We chose a 4 legged quadpod which has 3 servo motors per leg. We calibrated each servo motor and restricted its degree of freedom to a certain set threshold such that each leg has 2 states and our state/action space has 8 dimensions. Our objective was to make the robot traverse from a starting point to a destination point and learn the optimal policy for its navigation between two points. The main challenge we faced was to create a partially observable environment for the agent to perform its action in a real world scenario. We accomplished this by setting up a camera whose field of view consisted of the current position of the robot, its initial and destination points. Instead of consuming the entire frame(which will be dimensionally expensive) as the observation from the environment, we used only the information of the current position of the agent wrt to its initial and destination coordinates.
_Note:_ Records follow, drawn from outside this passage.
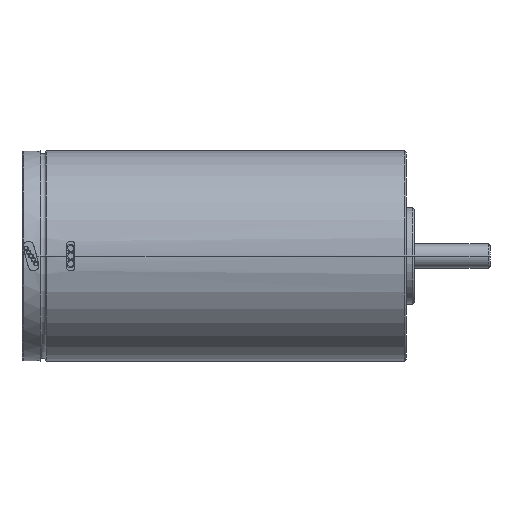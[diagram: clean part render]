
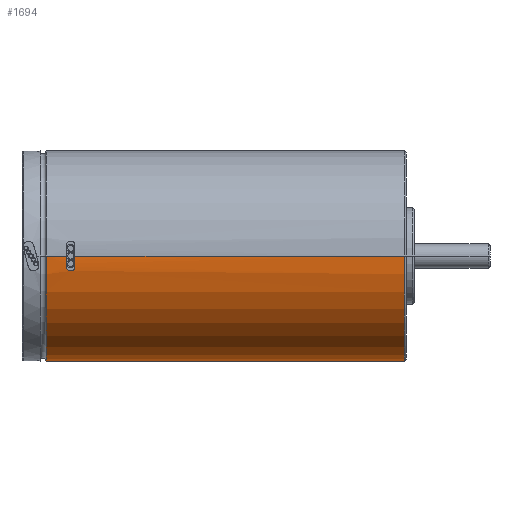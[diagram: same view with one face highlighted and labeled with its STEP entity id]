
A CAD part, front view. The second image highlights one B-rep face of the part: STEP entity #1694.
In plain terms, the highlighted cylindrical face has radius 17.5 mm (diameter 35 mm), a partial arc.
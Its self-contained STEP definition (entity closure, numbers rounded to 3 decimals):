
#296=CARTESIAN_POINT('',(24.7,0.,0.));
#297=DIRECTION('',(-1.,0.,0.));
#298=DIRECTION('',(0.,1.,0.));
#299=AXIS2_PLACEMENT_3D('',#296,#297,#298);
#301=DIRECTION('',(-1.,0.,0.));
#302=VECTOR('',#301,59.7);
#303=CARTESIAN_POINT('',(24.7,17.5,0.));
#304=LINE('',#303,#302);
#305=DIRECTION('',(-1.,0.,0.));
#306=VECTOR('',#305,3.424);
#307=CARTESIAN_POINT('',(-31.576,-17.5,0.));
#308=LINE('',#307,#306);
#309=CARTESIAN_POINT('',(-31.576,0.,0.));
#310=DIRECTION('',(1.,0.,0.));
#311=DIRECTION('',(0.,-1.,0.));
#312=AXIS2_PLACEMENT_3D('',#309,#310,#311);
#314=CARTESIAN_POINT('',(-31.576,-17.407,-1.8));
#315=CARTESIAN_POINT('',(-31.576,-17.399,
-1.884));
#316=CARTESIAN_POINT('',(-31.548,-17.381,
-2.041));
#317=CARTESIAN_POINT('',(-31.425,-17.354,
-2.258));
#318=CARTESIAN_POINT('',(-31.233,-17.332,
-2.418));
#319=CARTESIAN_POINT('',(-31.002,-17.32,
-2.503));
#320=CARTESIAN_POINT('',(-30.753,-17.32,
-2.504));
#321=CARTESIAN_POINT('',(-30.52,-17.332,
-2.419));
#322=CARTESIAN_POINT('',(-30.33,-17.354,
-2.262));
#323=CARTESIAN_POINT('',(-30.204,-17.381,
-2.042));
#324=CARTESIAN_POINT('',(-30.176,-17.398,
-1.884));
#325=CARTESIAN_POINT('',(-30.176,-17.407,-1.8));
#327=CARTESIAN_POINT('',(-30.176,0.,0.));
#328=DIRECTION('',(1.,0.,0.));
#329=DIRECTION('',(0.,-1.,0.));
#330=AXIS2_PLACEMENT_3D('',#327,#328,#329);
#332=DIRECTION('',(-1.,0.,0.));
#333=VECTOR('',#332,54.876);
#334=CARTESIAN_POINT('',(24.7,-17.5,0.));
#335=LINE('',#334,#333);
#558=CARTESIAN_POINT('',(-35.,0.,0.));
#559=DIRECTION('',(-1.,0.,0.));
#560=DIRECTION('',(0.,1.,0.));
#561=AXIS2_PLACEMENT_3D('',#558,#559,#560);
#970=CARTESIAN_POINT('',(-35.,17.5,0.));
#972=VERTEX_POINT('',#970);
#974=CARTESIAN_POINT('',(-35.,-17.5,0.));
#976=VERTEX_POINT('',#974);
#1008=CARTESIAN_POINT('',(-31.576,-17.5,0.));
#1009=VERTEX_POINT('',#1008);
#1010=CARTESIAN_POINT('',(-30.176,-17.5,0.));
#1011=VERTEX_POINT('',#1010);
#1012=CARTESIAN_POINT('',(-31.576,-17.407,-1.8));
#1013=VERTEX_POINT('',#1012);
#1014=VERTEX_POINT('',#325);
#1063=CARTESIAN_POINT('',(24.7,17.5,0.));
#1064=CARTESIAN_POINT('',(24.7,-17.5,0.));
#1065=VERTEX_POINT('',#1063);
#1066=VERTEX_POINT('',#1064);
#1672=CARTESIAN_POINT('',(-42.9,0.,0.));
#1673=DIRECTION('',(1.,0.,0.));
#1674=DIRECTION('',(0.,-1.,0.));
#1675=AXIS2_PLACEMENT_3D('',#1672,#1673,#1674);
#1676=CYLINDRICAL_SURFACE('',#1675,17.5);
#1677=ORIENTED_EDGE('',*,*,#1662,.F.);
#1679=ORIENTED_EDGE('',*,*,#1678,.T.);
#1681=ORIENTED_EDGE('',*,*,#1680,.T.);
#1683=ORIENTED_EDGE('',*,*,#1682,.F.);
#1685=ORIENTED_EDGE('',*,*,#1684,.T.);
#1687=ORIENTED_EDGE('',*,*,#1686,.T.);
#1689=ORIENTED_EDGE('',*,*,#1688,.F.);
#1691=ORIENTED_EDGE('',*,*,#1690,.F.);
#1692=EDGE_LOOP('',(#1677,#1679,#1681,#1683,#1685,#1687,#1689,#1691));
#1693=FACE_OUTER_BOUND('',#1692,.F.);
#300=CIRCLE('',#299,17.5);
#313=CIRCLE('',#312,17.5);
#326=B_SPLINE_CURVE_WITH_KNOTS('',3,(#314,#315,#316,#317,#318,#319,#320,#321,
#322,#323,#324,#325),.UNSPECIFIED.,.F.,.F.,(4,1,1,1,1,1,1,1,1,4),(0.,
0.111,0.222,0.333,0.444,
0.556,0.667,0.778,0.889,1.),
.UNSPECIFIED.);
#331=CIRCLE('',#330,17.5);
#562=CIRCLE('',#561,17.5);
#1662=EDGE_CURVE('',#1065,#1066,#300,.T.);
#1678=EDGE_CURVE('',#1065,#972,#304,.T.);
#1680=EDGE_CURVE('',#972,#976,#562,.T.);
#1682=EDGE_CURVE('',#1009,#976,#308,.T.);
#1684=EDGE_CURVE('',#1009,#1013,#313,.T.);
#1686=EDGE_CURVE('',#1013,#1014,#326,.T.);
#1688=EDGE_CURVE('',#1011,#1014,#331,.T.);
#1690=EDGE_CURVE('',#1066,#1011,#335,.T.);
#1694=ADVANCED_FACE('',(#1693),#1676,.T.);

We used the ϵ-greedy Q-learning with delayed reward to test the exploration of the agent, the agent was rewarded as it moved forward closer to the destination and punished when it moved backward away from the destination. At each step(t), the agent received information of its state along with the respective reward signal and a neural network was used to predict the Q values for each action, given a state. To further improve the results we planned to simulate the environment and train the algorithm in a simulated space in the future
- Model-test file
- Pretrained model weights
- Custom Marker
- Caliberation of the quadpod
We wrote our own environment which is not added to the contents of this repository yet.